別段寄りたいところもなく僕は真っ直ぐに家に帰った。こっそり僕だけで探しても良かったのだけど、仮にそれらしい家をみつけてもあっているかわからないし、またノートのときみたいに隠匿してしまいそうで怖かった。
「はあ」
自室のベッドに倒れ込んだ瞬間、どうしようもなく溜め息がこぼれた。疲労感もそうだが、自分への嫌悪感が大きかった。
篠崎が死んでから半月、そして篠崎が戻ってきてから一週間が経っていた。
この一週間、篠崎と過ごして僕が思うこと。
僕は篠崎の笑顔を、明るさを奪い続けている。
生前の篠崎は底なしの明るさを持っていた。それこそ小学生のとき、僕がどれだけ意地悪をしても泣いたりしなかった。むしろ正面から立ち向かってくる強い子だった。暗い顔なんて似合わない、落ち込む姿を見た回数なんて数えられるくらい、いつも笑っている子だった。

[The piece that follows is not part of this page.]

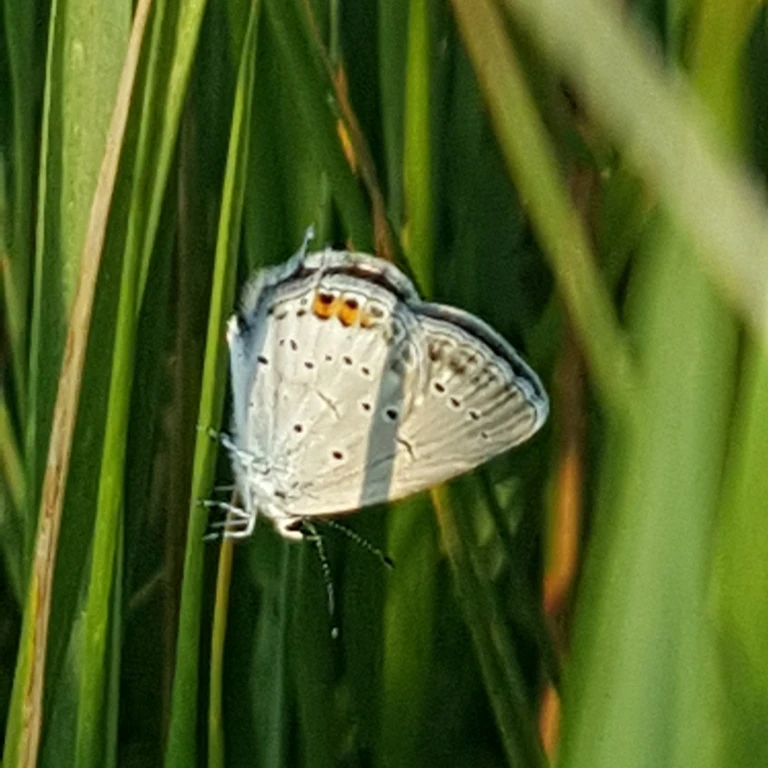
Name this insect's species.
Cupido argiades (also Elkalyce argiades)
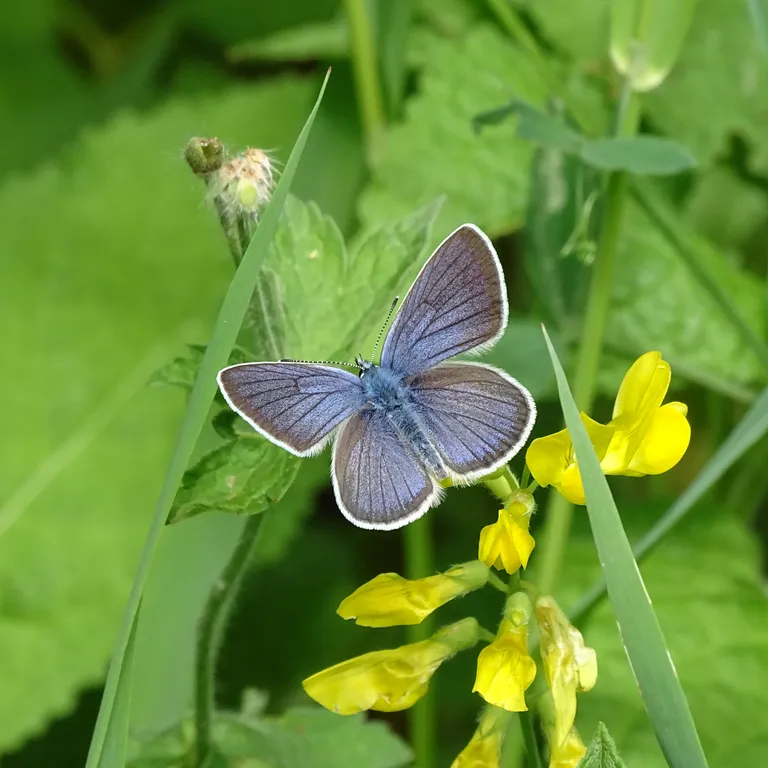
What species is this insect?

でも今の篠崎はよく落ち込むようになった。悲しそうな顔をして、困ったような顔をして、無理やりにでも笑うんだ。その顔を見るたびに、罪悪感からか首を絞めつけられたかのように息が苦しくなってしまう。
どうして篠崎はこんな僕の傍にいてくれるのだろう。僕を頼りにしてくれるのだろう。
僕が篠崎を諦められないのは、きっとそんな彼女に何処かで期待してしまっているから。力を貸していれば、もしかしたら振り向いてくれるかもしれないなんて幻想を抱いているから。
長すぎる片思いも、ここまできたらもはや呪いだ。それか一種の信仰。一途だなんて綺麗なものじゃなくて、酷く歪なもの。
終わったはずだった。篠崎が死んだあの瞬間、僕の恋は砕け散ったはずだった。
なのに篠崎は戻ってきて、僕の恋もまた燻り出した。
僕はどうしようもなくこの恋を終わらせることが出来ない。